(ABOUT THIS TASK): No pictures in the copy, please: retype all the records exactly.
[Opening RECORDS FOR THE EXERCISE section]
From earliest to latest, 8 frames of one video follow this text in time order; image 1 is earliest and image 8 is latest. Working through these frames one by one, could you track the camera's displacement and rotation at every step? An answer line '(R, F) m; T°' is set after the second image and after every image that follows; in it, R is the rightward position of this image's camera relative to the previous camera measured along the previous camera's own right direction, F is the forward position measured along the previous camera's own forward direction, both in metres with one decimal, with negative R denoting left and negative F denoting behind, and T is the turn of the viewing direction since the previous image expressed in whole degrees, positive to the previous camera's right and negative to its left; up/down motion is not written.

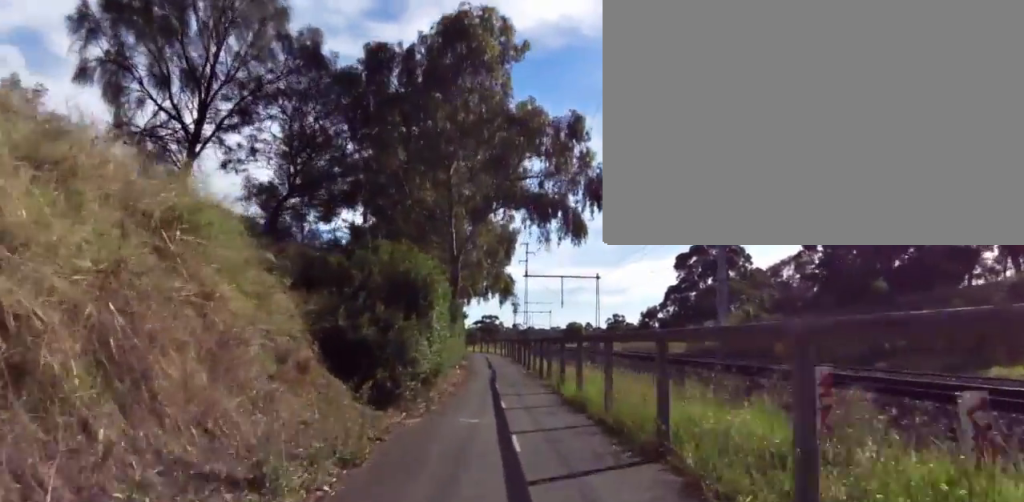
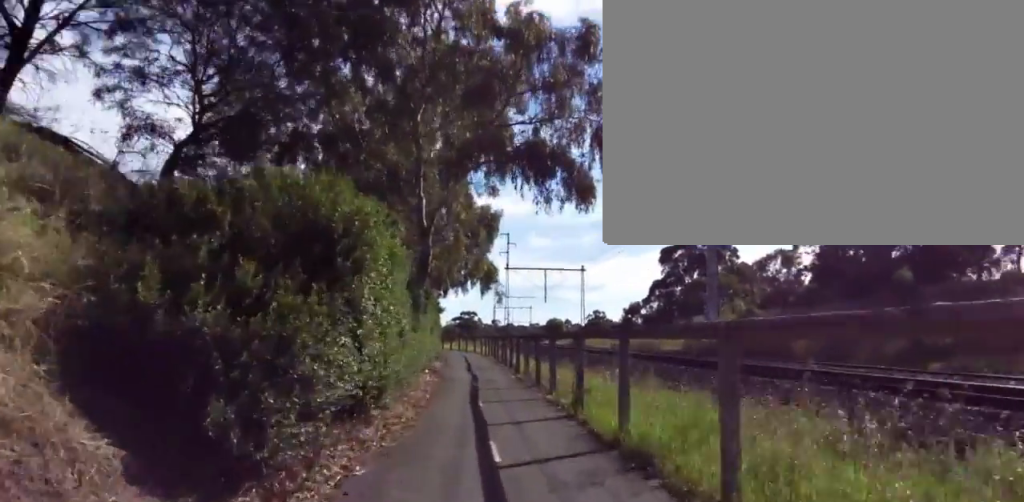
(-1.1, +3.9) m; -8°
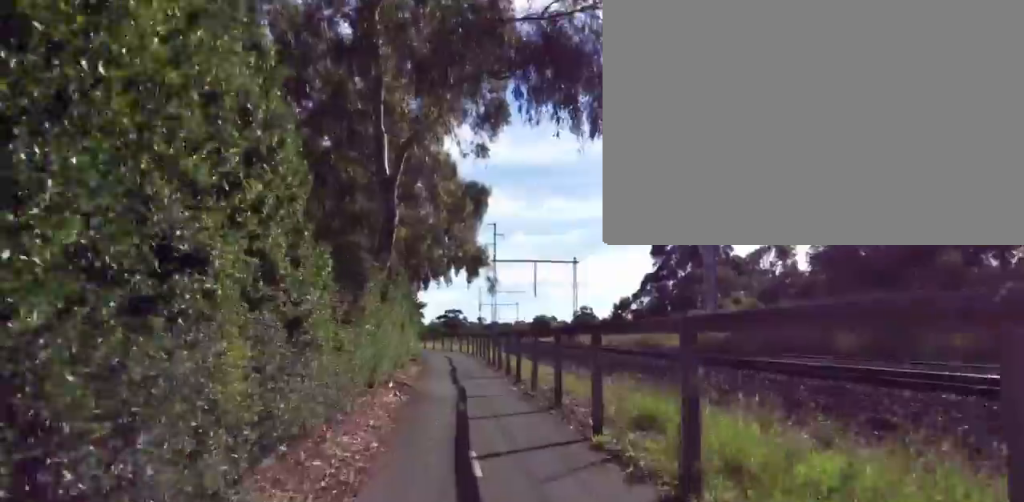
(-0.2, +4.1) m; +4°
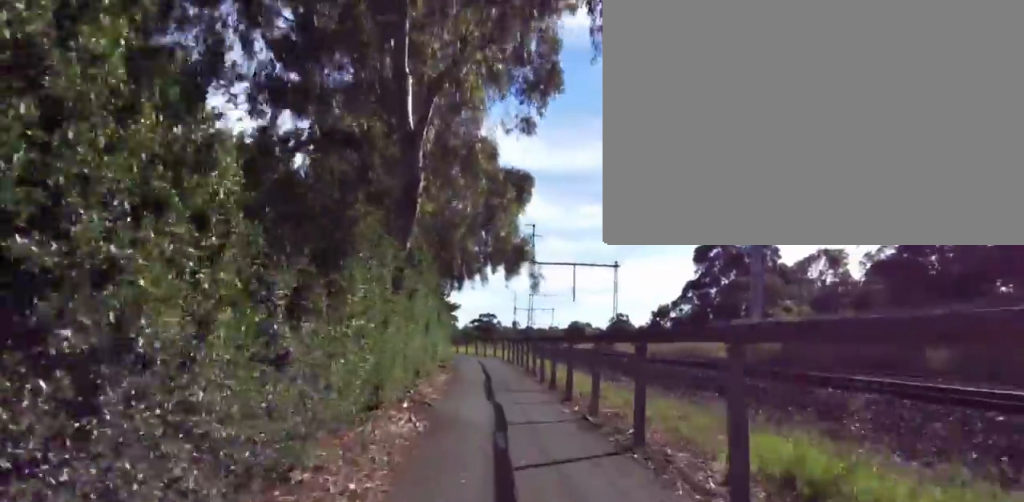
(-0.1, +2.3) m; +7°
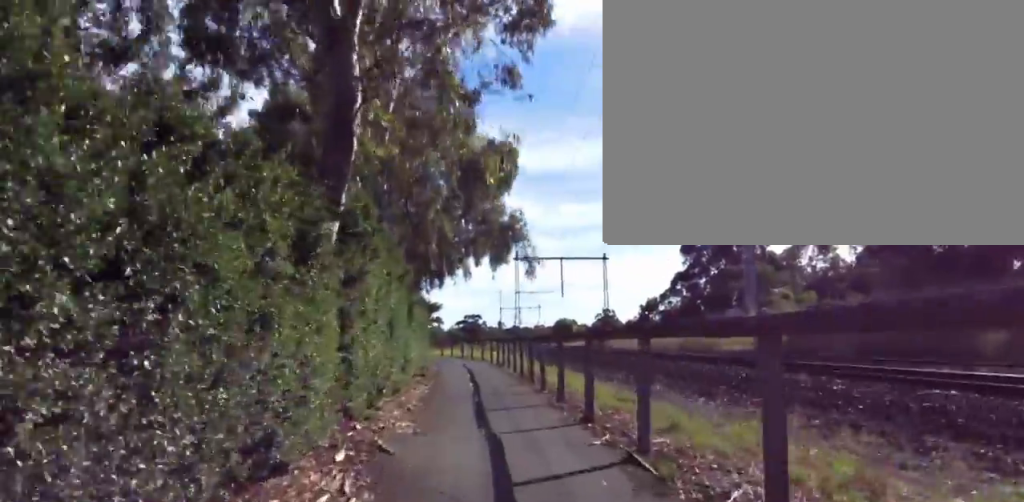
(+0.4, +2.8) m; -1°
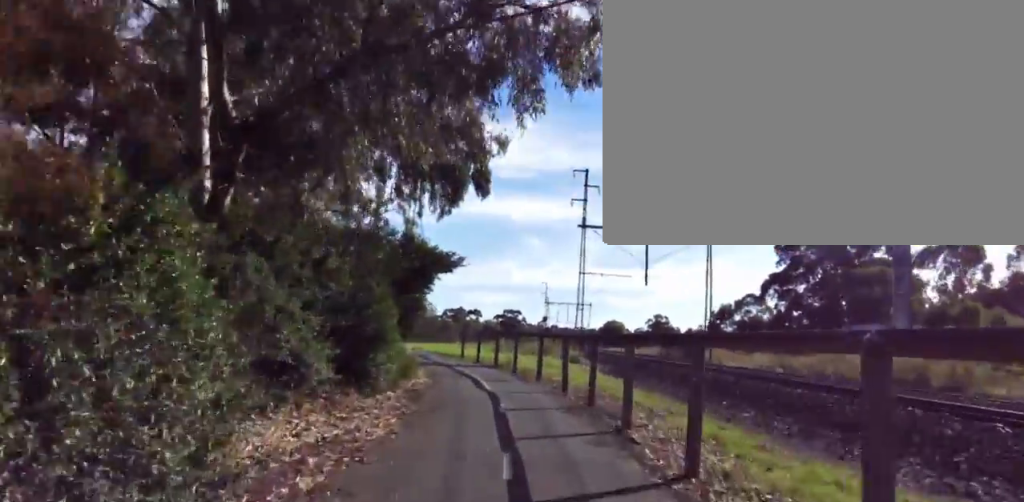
(-2.2, +17.7) m; -8°
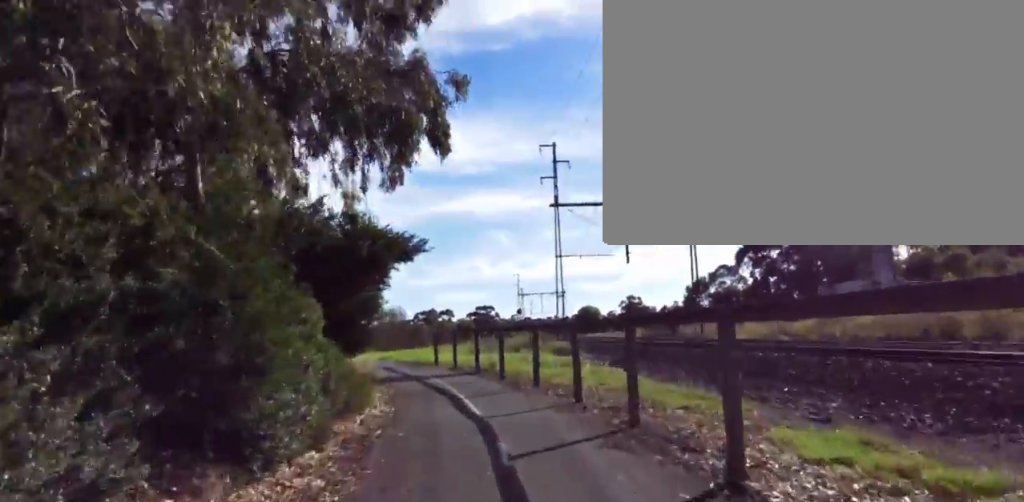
(+0.1, +3.5) m; -5°
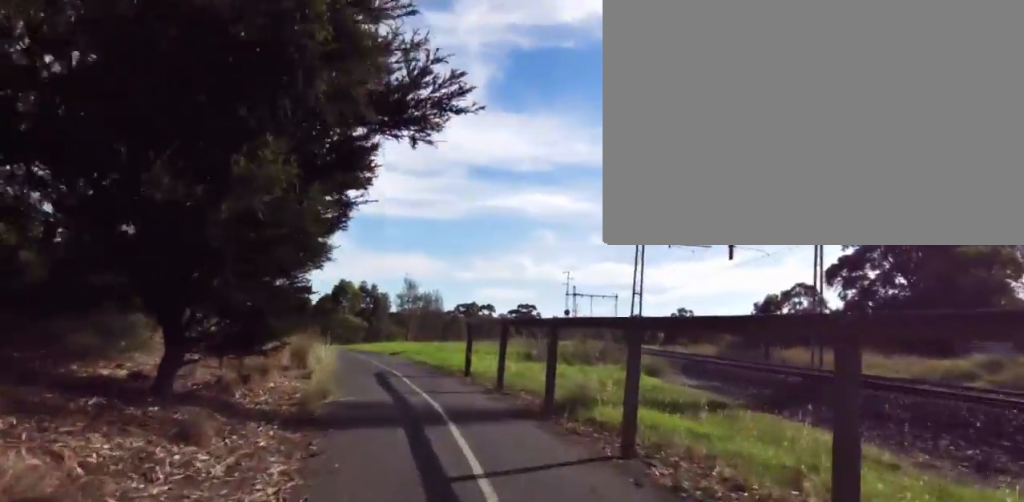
(-1.0, +8.3) m; -11°
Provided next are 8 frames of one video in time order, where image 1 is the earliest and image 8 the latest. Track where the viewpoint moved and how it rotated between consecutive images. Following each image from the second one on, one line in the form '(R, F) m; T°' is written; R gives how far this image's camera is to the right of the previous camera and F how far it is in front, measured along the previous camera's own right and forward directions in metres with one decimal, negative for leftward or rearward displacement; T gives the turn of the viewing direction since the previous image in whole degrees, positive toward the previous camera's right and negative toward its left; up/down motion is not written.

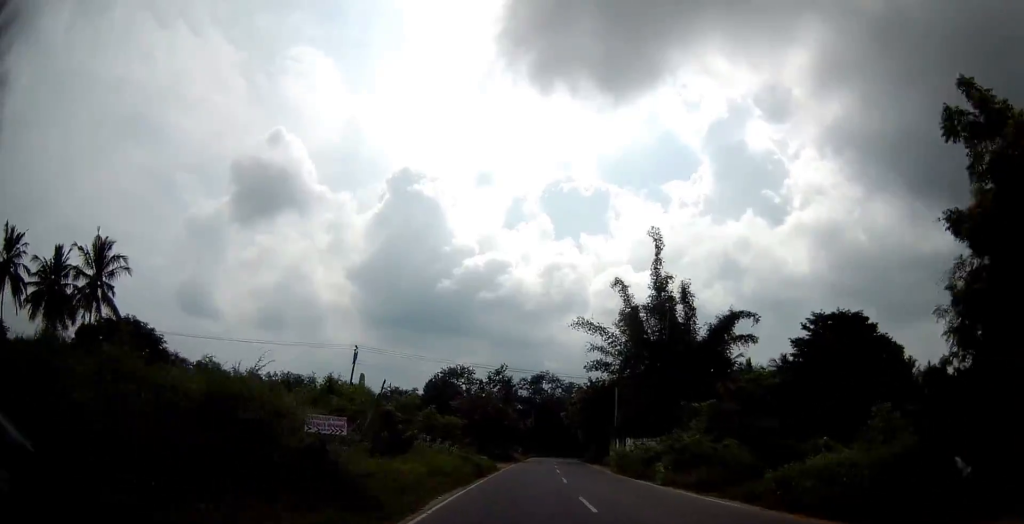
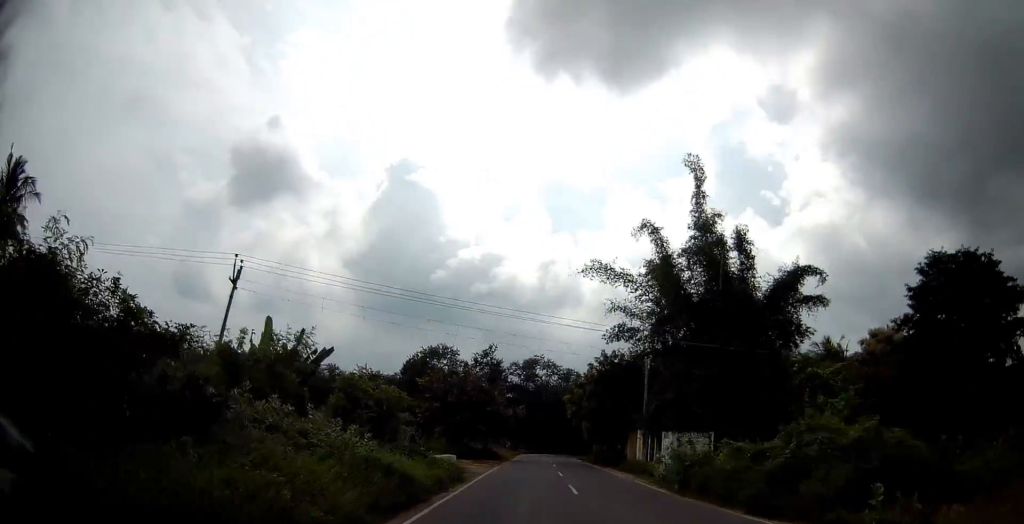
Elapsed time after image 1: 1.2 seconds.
[Closing RECORDS FOR THE EXERCISE section]
(EXERCISE ANSWER):
From earliest to latest, 8 frames of one video follow this text in time order; image 1 is earliest and image 8 is latest. Working through these frames one by one, could you track the camera's displacement and rotation at every step? An answer line '(R, F) m; T°' is set after the second image and after every image that follows; in it, R is the rightward position of this image's camera relative to the previous camera measured along the previous camera's own right direction, F is the forward position measured along the previous camera's own forward direction, both in metres with one decimal, with negative R denoting left and negative F denoting behind, and T is the turn of the viewing direction since the previous image expressed in whole degrees, positive to the previous camera's right and negative to its left; up/down motion is not written.

(-1.1, +3.9) m; -8°
(-0.2, +4.1) m; +4°
(-0.1, +2.3) m; +7°
(+0.4, +2.8) m; -1°
(-2.2, +17.7) m; -8°
(+0.1, +3.5) m; -5°
(-1.0, +8.3) m; -11°
Provided next are 8 frames of one video in time order, where image 1 is the earliest and image 8 the latest. Track where the viewpoint moved and how it rotated between consecutive images. Following each image from the second one on, one line in the form '(R, F) m; T°' is written; R gives how far this image's camera is to the right of the previous camera and F how far it is in front, measured along the previous camera's own right and forward directions in metres with one decimal, negative for leftward or rearward displacement; T gives the turn of the viewing direction since the previous image in whole degrees, positive toward the previous camera's right and negative toward its left; up/down motion is not written.

Elapsed time after image 1: 1.2 seconds.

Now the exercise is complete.